I'm reminded of Eddard taking away another woman's child. Cat II AGOT:

"The Others take both of you," Ned muttered darkly. He turned away from them and went to the window. She did not speak, nor did the maester. They waited, quiet, while Eddard Stark said a silent farewell to the home he loved. When he turned away from the window at last, his voice was tired and full of melancholy, and moisture glittered faintly in the corners of his eyes. "My father went south once, to answer the summons of a king. He never came home again."

"A different time," Maester Luwin said. "A different king."

"Yes," Ned said dully. He seated himself in a chair by the hearth. "Catelyn, you shall stay here in Winterfell."

His words were like an icy draft through her heart. "No," she said, suddenly afraid. Was this to be her punishment? Never to see his face again, nor to feel his arms around her?

"Yes," Ned said, in words that would brook no argument. "You must govern the north in my stead, while I run Robert's errands. There must always be a Stark in Winterfell. Robb is fourteen. Soon enough, he will be a man grown. He must learn to rule, and I will not be here for him. Make him part of your councils. He must be ready when his time comes."

"Gods will, not for many years," Maester Luwin murmured.

"Maester Luwin, I trust you as I would my own blood. Give my wife your voice in all things great and small. Teach my son the things he needs to know. Winter is coming."

Maester Luwin nodded gravely. Then silence fell, until Catelyn found her courage and asked the question whose answer she most dreaded. "What of the other children?"

Ned stood, and took her in his arms, and held her face close to his. "Rickon is very young," he said gently. "He should stay here with you and Robb. The others I would take with me."

"I could not bear it," Catelyn said, trembling.

"You must," he said. "Sansa must wed Joffrey, that is clear now, we must give them no grounds to suspect our devotion. And it is past time that Arya learned the ways of a southron court. In a few years she will be of an age to marry too."

Sansa would shine in the south, Catelyn thought to herself, and the gods knew that Arya needed refinement. Reluctantly, she let go of them in her heart. But not Bran. Never Bran. "Yes," she said, "but please, Ned, for the love you bear me, let Bran remain here at Winterfell. He is only seven."

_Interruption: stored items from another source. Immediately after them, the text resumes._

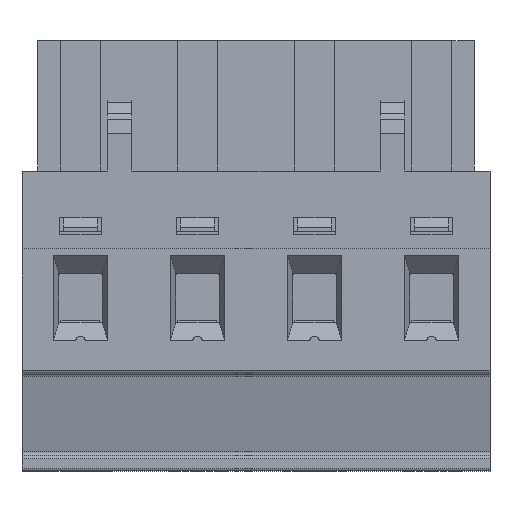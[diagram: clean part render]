
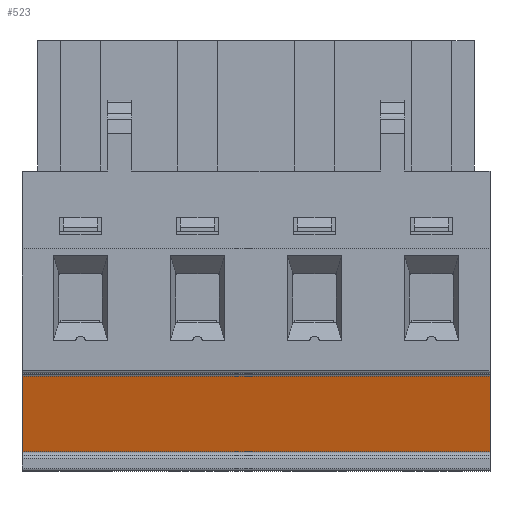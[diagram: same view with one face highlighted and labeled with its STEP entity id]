
A CAD part, left-side view. The second image highlights one B-rep face of the part: STEP entity #523.
In plain terms, the highlighted planar face has unit normal (-0.966, 0, -0.259).
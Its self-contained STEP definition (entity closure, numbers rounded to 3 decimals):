
#523 = ADVANCED_FACE( '', ( #1408 ), #1409, .F. );
#1408 = FACE_OUTER_BOUND( '', #2693, .T. );
#1409 = PLANE( '', #2694 );
#2693 = EDGE_LOOP( '', ( #4278, #4279, #4280, #4281 ) );
#2694 = AXIS2_PLACEMENT_3D( '', #4282, #4283, #4284 );
#4278 = ORIENTED_EDGE( '', *, *, #8003, .T. );
#4279 = ORIENTED_EDGE( '', *, *, #8004, .F. );
#4280 = ORIENTED_EDGE( '', *, *, #8005, .T. );
#4281 = ORIENTED_EDGE( '', *, *, #8006, .F. );
#4282 = CARTESIAN_POINT( '', ( -443.01, -996.162, -8.355 ) );
#4283 = DIRECTION( '', ( 0.966, 0., 0.259 ) );
#4284 = DIRECTION( '', ( 0., -1., 0. ) );
#8003 = EDGE_CURVE( '', #9774, #9775, #9776, .T. );
#8004 = EDGE_CURVE( '', #9777, #9775, #9778, .F. );
#8005 = EDGE_CURVE( '', #9777, #9779, #9780, .T. );
#8006 = EDGE_CURVE( '', #9774, #9779, #9781, .T. );
#9774 = VERTEX_POINT( '', #12289 );
#9775 = VERTEX_POINT( '', #12290 );
#9776 = LINE( '', #12291, #12292 );
#9777 = VERTEX_POINT( '', #12293 );
#9778 = LINE( '', #12294, #12295 );
#9779 = VERTEX_POINT( '', #12296 );
#9780 = LINE( '', #12297, #12298 );
#9781 = LINE( '', #12299, #12300 );
#12289 = CARTESIAN_POINT( '', ( -444.64, -967.176, -2.274 ) );
#12290 = CARTESIAN_POINT( '', ( -443.343, -967.176, -7.113 ) );
#12291 = CARTESIAN_POINT( '', ( -446.657, -967.176, 5.254 ) );
#12292 = VECTOR( '', #15198, 1000. );
#12293 = CARTESIAN_POINT( '', ( -443.343, -997.176, -7.113 ) );
#12294 = CARTESIAN_POINT( '', ( -443.343, -996.162, -7.113 ) );
#12295 = VECTOR( '', #15199, 1000. );
#12296 = CARTESIAN_POINT( '', ( -444.64, -997.176, -2.274 ) );
#12297 = CARTESIAN_POINT( '', ( -446.657, -997.176, 5.254 ) );
#12298 = VECTOR( '', #15200, 1000. );
#12299 = CARTESIAN_POINT( '', ( -444.64, -996.162, -2.274 ) );
#12300 = VECTOR( '', #15201, 1000. );
#15198 = DIRECTION( '', ( 0.259, 0., -0.966 ) );
#15199 = DIRECTION( '', ( 0., -1., 0. ) );
#15200 = DIRECTION( '', ( -0.259, 0., 0.966 ) );
#15201 = DIRECTION( '', ( 0., -1., 0. ) );
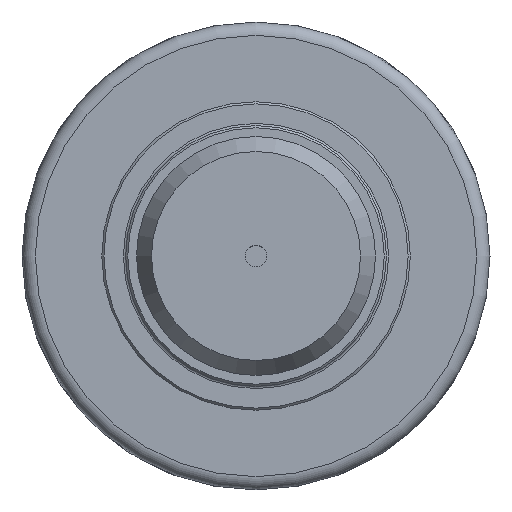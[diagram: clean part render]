
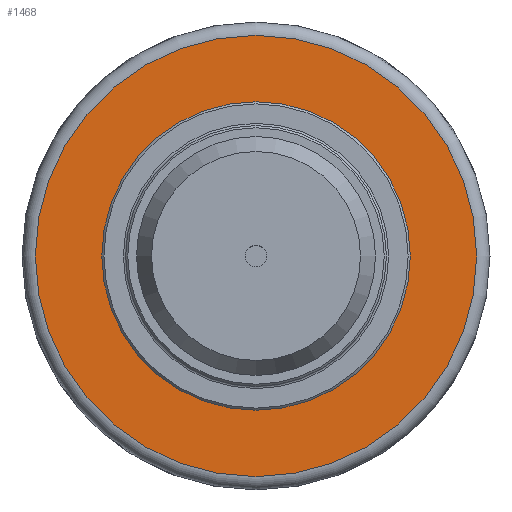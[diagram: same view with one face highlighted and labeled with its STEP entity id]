
A CAD part, left-side view. The second image highlights one B-rep face of the part: STEP entity #1468.
In plain terms, the highlighted planar face has unit normal (-1, 0, 0).
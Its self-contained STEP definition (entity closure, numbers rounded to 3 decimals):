
#77=FACE_BOUND('',#317,.T.);
#120=CIRCLE('',#1603,35.25);
#126=CIRCLE('',#1619,50.772);
#127=CIRCLE('',#1620,50.772);
#223=FACE_OUTER_BOUND('',#316,.T.);
#316=EDGE_LOOP('',(#1235,#1236));
#317=EDGE_LOOP('',(#1237));
#672=VERTEX_POINT('',#2478);
#685=VERTEX_POINT('',#2530);
#686=VERTEX_POINT('',#2531);
#863=EDGE_CURVE('',#672,#672,#120,.T.);
#880=EDGE_CURVE('',#685,#686,#126,.T.);
#881=EDGE_CURVE('',#686,#685,#127,.T.);
#1235=ORIENTED_EDGE('',*,*,#880,.F.);
#1236=ORIENTED_EDGE('',*,*,#881,.F.);
#1237=ORIENTED_EDGE('',*,*,#863,.T.);
#1403=PLANE('',#1618);
#1468=ADVANCED_FACE('',(#223,#77),#1403,.T.);
#1603=AXIS2_PLACEMENT_3D('',#2479,#1963,#1964);
#1618=AXIS2_PLACEMENT_3D('',#2529,#1996,#1997);
#1619=AXIS2_PLACEMENT_3D('',#2532,#1998,#1999);
#1620=AXIS2_PLACEMENT_3D('',#2533,#2000,#2001);
#1963=DIRECTION('center_axis',(1.,0.,0.));
#1964=DIRECTION('ref_axis',(0.,0.,
1.));
#1996=DIRECTION('center_axis',(-1.,0.,0.));
#1997=DIRECTION('ref_axis',(0.,1.,0.));
#1998=DIRECTION('center_axis',(1.,0.,0.));
#1999=DIRECTION('ref_axis',(0.,0.,
1.));
#2000=DIRECTION('center_axis',(1.,0.,0.));
#2001=DIRECTION('ref_axis',(0.,0.,
1.));
#2478=CARTESIAN_POINT('',(33.9,0.,-35.25));
#2479=CARTESIAN_POINT('Origin',(33.9,0.,0.));
#2529=CARTESIAN_POINT('Origin',(33.9,0.,-46.615));
#2530=CARTESIAN_POINT('',(33.9,0.,-50.772));
#2531=CARTESIAN_POINT('',(33.9,50.772,0.));
#2532=CARTESIAN_POINT('Origin',(33.9,0.,0.));
#2533=CARTESIAN_POINT('Origin',(33.9,0.,0.));
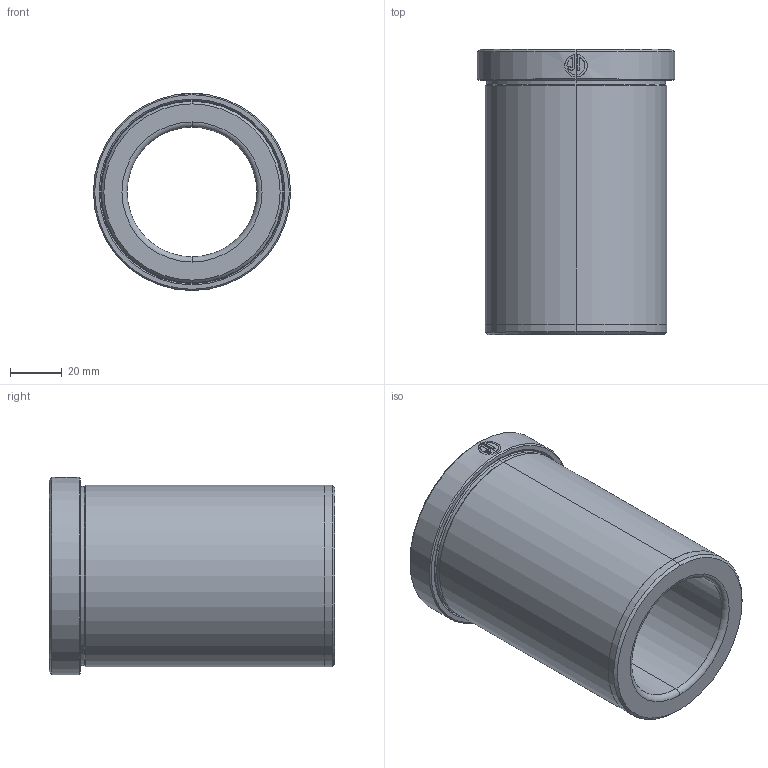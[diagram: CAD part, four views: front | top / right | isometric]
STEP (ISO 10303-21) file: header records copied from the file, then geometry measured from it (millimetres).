
FILE_DESCRIPTION (( 'STEP AP214' ), '1' );
FILE_NAME ('HBA-d50-L110.step', '2021-10-28T07:29:10', ( 'User' ), ( 'china' ), 'SwSTEP 2.0', 'SolidWorks 2016', '' );
FILE_SCHEMA (( 'AUTOMOTIVE_DESIGN' ));
Length unit declared in the file: millimetre
Products named in the file (1): HBA-d50-L110
Bounding box: 76 x 110 x 76 mm (x, y, z)
Volume: 213206.6 mm3; surface area: 46598.9 mm2
Topology: 1 solids, 1 shells, 55 faces, 128 edges, 80 vertices
Faces by surface type: cylinder 25, plane 14, cone 12, torus 4
Entity records: 1854 total; most frequent: CARTESIAN_POINT 578, DIRECTION 260, ORIENTED_EDGE 256, EDGE_CURVE 128, AXIS2_PLACEMENT_3D 104, VERTEX_POINT 80, EDGE_LOOP 62, ADVANCED_FACE 55

"I was eight when my father sent me to foster at the Eyrie," Ned said. "Ser Rodrik tells me there is bad feeling between Robb and Prince Joffrey. That is not healthy. Bran can bridge that distance. He is a sweet boy, quick to laugh, easy to love. Let him grow up with the young princes, let him become their friend as Robert became mine. Our House will be the safer for it."

He was right; Catelyn knew it. It did not make the pain any easier to bear. She would lose all four of them, then: Ned, and both girls, and her sweet, loving Bran. Only Robb and little Rickon would be left to her. She felt lonely already. Winterfell was such a vast place. "Keep him off the walls, then," she said bravely. "You know how Bran loves to climb."

With no Robb and baby Rickon to mother, might Cat have thrown herself from a tower? It doesn't seem unlikely given her behavior after Bran's fall.

I would think there is plenty of evidence that events in future novels may supersede those in previous novels, if Martin wishes them to do so. So, canon replaced by new canon is likely (Catelyn Stark arises from the dead as Lady Stoneheart, etc.) There are also numerous instances of semi-canon being replaced by canon as the new books are published (the semi-canon of George's remarks over the years concerning Aegon's fate and the new story line of Young Griff, for example.) And any or all what is canon or semi-canon just may turn out to be not true. I should think all of that is obvious.

What isn't necessarily obvious is that certain categories of semi-canon - specifically those from the app - may have more support than some of us wish to acknowledge. So, when the app states Lyanna dies at the tower of joy that is actual evidence of where the author appears to have taken her story. Not evidence that cannot be changed, but evidence nonetheless. Evidence that we now know fits into a category of semi-canon, and evidence that should be used just as we have used remarks by the author as evidence in the past.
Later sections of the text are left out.